My most recent one (about two years old) had a 4770k, which still seems to be relatively popular. Which is why I haven't really done anything.

I have an i5-4590 myself.

CPU performance seems to be stagnating, but on the other hand, there's too much of it anyway.
 
I just wish I had the available budget to do a PC build, or else I wouldn't be using my laptop full time now. >_>
 
I just wish I had the available budget to do a PC build, or else I wouldn't be using my laptop full time now. >_>

You can always skip the video card, SSD, one stick of memory (if planning to do dual-channel later, though that's not as optimal as a dual kit in the first place), and use skimpier components with regard to the motherboard, case, and the power supply, up to a certain limit.

Though, you don't have to skimp much even with just a $500 budget, especially if you're going Haswell Refresh, Kaveri, or Skylake.
 
Yeah, the most money saving thing you could do without sacrificing too much quality would be to dump the SSD or use AMD instead of Nvidia for a GPU.

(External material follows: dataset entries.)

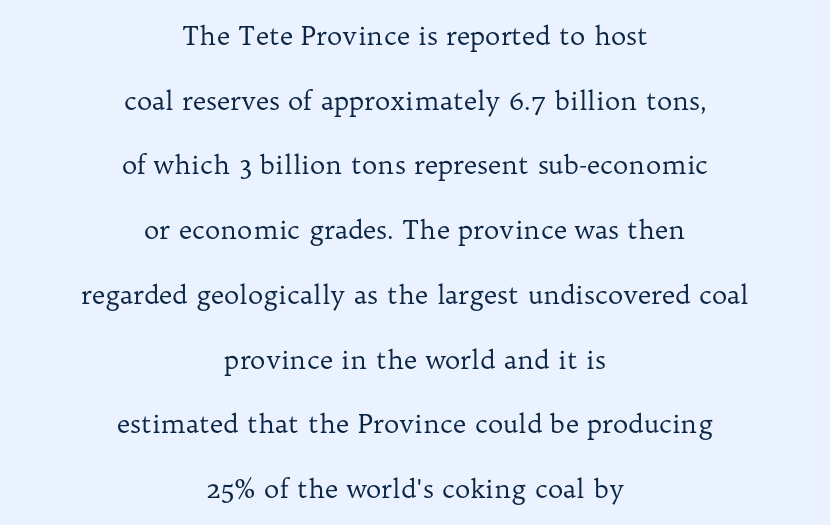
{"italic": "no", "bold": "no", "underline": "no", "align": "center", "line_spacing": "loose", "line_spacing_ratio": 2.49, "letter_spacing": "normal", "letter_spacing_em": 0.0, "glyph_px": 26}
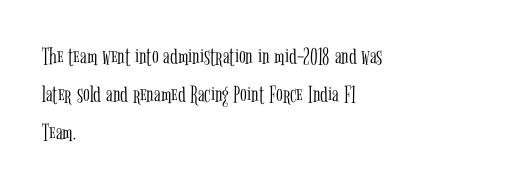
Q: Is the text bold? A: No.
Q: Is the text italic (slanted)? A: No, it is upright.
Q: Is the text underlined? A: No.
Q: How is the paragraph aligned? A: Left-aligned.
Q: Is the spacing between letters normal or unusually wide? A: Normal.
Q: Is the spacing between lines tight, normal or loose? A: Normal.
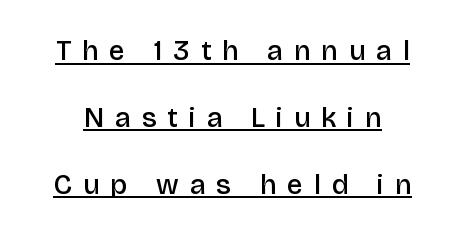
The image shows 28 px semibold sans-serif type, upright; set loose line spacing (2.39x), unusually wide letter spacing (+0.4 em), underlined; low stroke contrast and a large x-height.
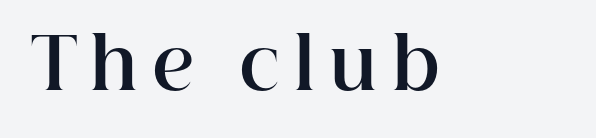
Q: Is the text bold? A: Yes.
Q: Is the text italic (slanted)? A: No, it is upright.
Q: Is the typeface a serif or a sans-serif typeface? A: Serif.
Q: Is the text underlined? A: No.
Q: Is the spacing between letters normal or unusually wide? A: Unusually wide.
Q: Width (condensed, normal, or wide)? A: Normal.
Q: Stroke contrast? A: High.
Q: x-height? A: Medium.
Q: Monospaced? A: No.

Mmm hmm. Or you could get a A8-7600 and stick with that if you don't plan on anything beyond HD resolutions and medium settings. (Or, when the Skylake Pentiums stop being expensive, the G4500.)

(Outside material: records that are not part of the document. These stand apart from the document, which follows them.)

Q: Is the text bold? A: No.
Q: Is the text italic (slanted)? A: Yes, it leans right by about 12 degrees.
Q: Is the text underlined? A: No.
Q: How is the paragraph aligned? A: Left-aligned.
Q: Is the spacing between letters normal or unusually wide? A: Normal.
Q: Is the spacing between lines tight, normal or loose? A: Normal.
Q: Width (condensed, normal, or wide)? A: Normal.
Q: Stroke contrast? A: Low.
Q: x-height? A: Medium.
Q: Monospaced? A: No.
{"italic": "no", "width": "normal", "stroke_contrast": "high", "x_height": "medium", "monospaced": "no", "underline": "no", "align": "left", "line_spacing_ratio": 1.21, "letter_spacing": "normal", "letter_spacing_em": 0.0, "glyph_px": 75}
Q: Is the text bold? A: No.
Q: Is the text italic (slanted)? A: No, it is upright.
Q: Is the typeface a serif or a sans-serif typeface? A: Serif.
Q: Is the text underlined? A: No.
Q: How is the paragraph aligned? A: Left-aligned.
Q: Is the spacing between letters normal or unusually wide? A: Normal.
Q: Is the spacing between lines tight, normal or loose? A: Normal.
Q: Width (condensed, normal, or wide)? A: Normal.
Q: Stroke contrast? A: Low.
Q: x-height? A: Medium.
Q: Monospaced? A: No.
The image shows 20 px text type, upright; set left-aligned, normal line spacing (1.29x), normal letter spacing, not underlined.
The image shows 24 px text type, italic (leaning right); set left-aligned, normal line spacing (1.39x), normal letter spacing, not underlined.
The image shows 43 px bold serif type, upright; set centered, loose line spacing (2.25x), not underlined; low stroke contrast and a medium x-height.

To be honest, though, once I have a modern desktop, I don't feel like using laptops too much again...
 
Yeah, the most money saving thing you could do without sacrificing too much quality would be to dump the SSD or use AMD instead of Nvidia for a GPU.

Mmm hmm. Or you could get a A8-7600 and stick with that if you don't plan on anything beyond HD resolutions and medium settings. (Or, when the Skylake Pentiums stop being expensive, the G4500.)

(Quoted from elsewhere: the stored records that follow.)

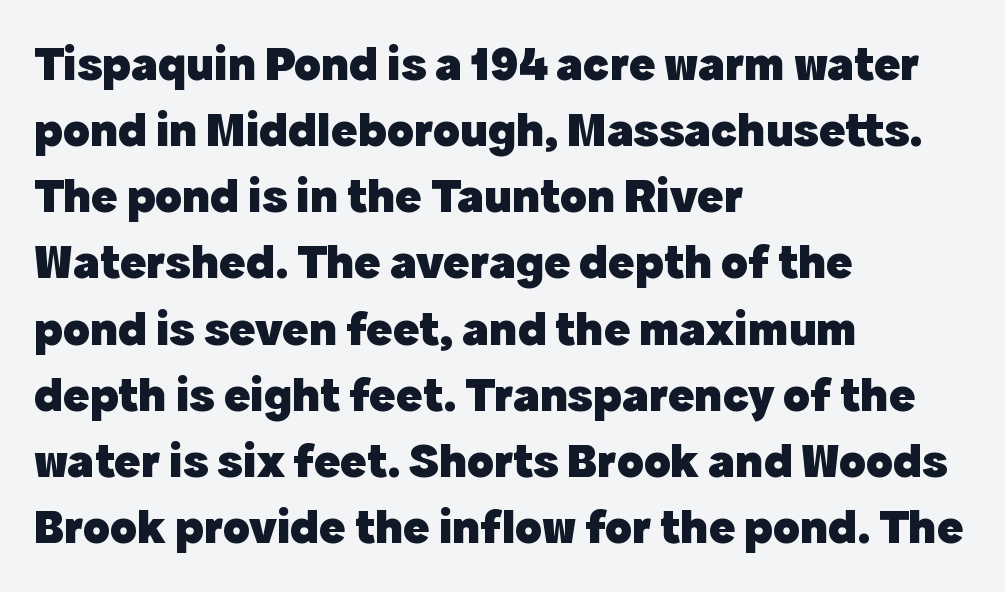
The image shows 49 px heavy sans-serif type, upright; set left-aligned, normal line spacing (1.35x), normal letter spacing, not underlined; a medium x-height.
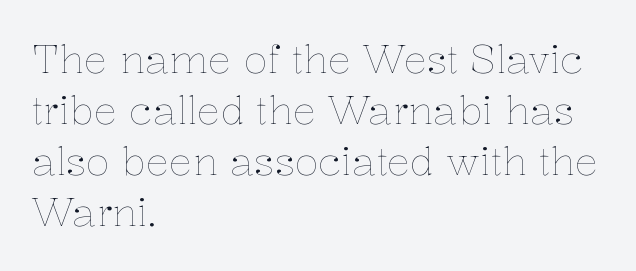
Look at the tracking — it's just the regular setting, nothing added. Upright lettering throughout. The line-height multiplier appears to be the usual default. The passage shown is not bold in any degree. All the whitespace from short lines collects on the right.
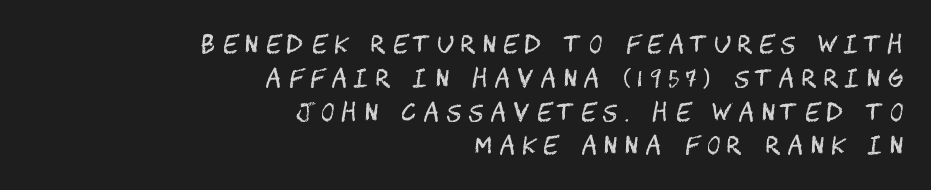
Each stroke keeps to a modest, everyday thickness or less. The lines are quadded right. Rendered with straight, roman letterforms. Clear beneath every line of the passage. One glance says typical: line gaps are just what's usual.

To be honest, though, once I have a modern desktop, I don't feel like using laptops too much again...

Well, yeah, you could, but the AMD stuff does demand a bit more electricity than their counterparts, if my memory serves. So, really, you're either paying cost up front for the more power-efficient hardware, or paying for the extra electricity usage over the life of the PC (well, that and trying to keep AMD in business so that nVidia and Intel actually have a competitor in the desktop PC realm to potentially keep them somewhat honest).
 
Well, yeah, you could, but the AMD stuff does demand a bit more electricity than their counterparts, if my memory serves. So, really, you're either paying cost up front for the more power-efficient hardware, or paying for the extra electricity usage over the life of the PC (well, that and trying to keep AMD in business so that nVidia and Intel actually have a competitor in the desktop PC realm to potentially keep them somewhat honest).

They indeed are, but the A8-7600 isn't too shabby when cTDP-downed to 45W.
 
Well it's better now but still I don't understand why Skype needs to take up so much memory.

If it doesn't take as much memory on the next start, it probably had a bad case of a memory leak.
 
Usually it's about 180-220 MB for me, but then again you probably aren't in as many group chats as I am, if I had to assume. :P

There's 8 of them in my recent list. :P

For some reason I want a big SSD.
 
Well, I do hope that after selling all the stuff I don't need I can afford a 480/500/512GB SSD. :)

I think 480/500/512GB SSD are pretty expensive enough, I'm not sure if I'm capable of getting SSD this big or even as high as 16 TB, atm, but if you want speed, it'll worth it.

I'm not sure when SSD will be on lower price but still maintaining the speed SSD is known for, because usually I tend to choose HDD because of lower price/GBs.
 
I think 480/500/512GB SSD are pretty expensive enough, I'm not sure if I'm capable of getting SSD this big or even as high as 16 TB, atm, but if you want speed, it'll worth it.

I'm not sure when SSD will be on lower price but still maintaining the speed SSD is known for, because usually I tend to choose HDD because of lower price/GBs.

I can't imagine that SSDs are going to lessen up in price until HDDs begin to go away, which is probably such a long ways away.

Well, we're at the point where an SSD of similar capacity to a given HDD of 1 TB is about 8x-10x more expensive...

We're doing pretty good now, though 1 TB still costs $400-500. Not too good, but remember that 250 GB SSDs used to cost that much.